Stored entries
□ □ □

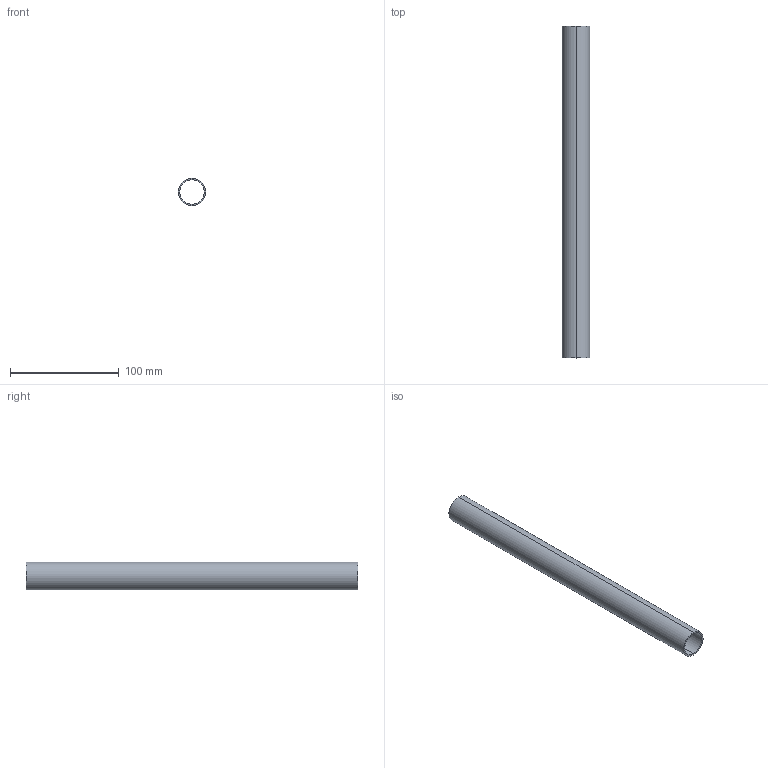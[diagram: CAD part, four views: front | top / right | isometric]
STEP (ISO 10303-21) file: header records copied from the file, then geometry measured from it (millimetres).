
FILE_DESCRIPTION (( 'STEP AP203' ), '1' );
FILE_NAME ('635152.STEP', '2014-07-23T19:55:00', ( 'Kyle' ), ( 'Microsoft' ), 'SwSTEP 2.0', 'SolidWorks 2014', '' );
FILE_SCHEMA (( 'CONFIG_CONTROL_DESIGN' ));
Length unit declared in the file: inch
Products named in the file (1): 635152
Bounding box: 25.39 x 304.8 x 25.39 mm (x, y, z)
Volume: 34831.5 mm3; surface area: 45939.2 mm2
Topology: 1 solids, 1 shells, 6 faces, 12 edges, 8 vertices
Faces by surface type: cylinder 4, plane 2
Entity records: 247 total; most frequent: DIRECTION 34, CARTESIAN_POINT 27, ORIENTED_EDGE 24, AXIS2_PLACEMENT_3D 15, EDGE_CURVE 12, PERSON_AND_ORGANIZATION 8, VERTEX_POINT 8, CIRCLE 8

□ □ □

• [YOUR ASSIGNMENT]: The records above must all be output exactly. Omit the images.

• [SOLUTION]:
[diagram: CAD part, four views: front | top / right | isometric]
STEP (ISO 10303-21) file: header records copied from the file, then geometry measured from it (millimetres).
FILE_DESCRIPTION (( 'STEP AP203' ), '1' );
FILE_NAME ('635152.STEP', '2014-07-23T19:55:00', ( 'Kyle' ), ( 'Microsoft' ), 'SwSTEP 2.0', 'SolidWorks 2014', '' );
FILE_SCHEMA (( 'CONFIG_CONTROL_DESIGN' ));
Length unit declared in the file: inch
Products named in the file (1): 635152
Bounding box: 25.39 x 304.8 x 25.39 mm (x, y, z)
Volume: 34831.5 mm3; surface area: 45939.2 mm2
Topology: 1 solids, 1 shells, 6 faces, 12 edges, 8 vertices
Faces by surface type: cylinder 4, plane 2
Entity records: 247 total; most frequent: DIRECTION 34, CARTESIAN_POINT 27, ORIENTED_EDGE 24, AXIS2_PLACEMENT_3D 15, EDGE_CURVE 12, PERSON_AND_ORGANIZATION 8, VERTEX_POINT 8, CIRCLE 8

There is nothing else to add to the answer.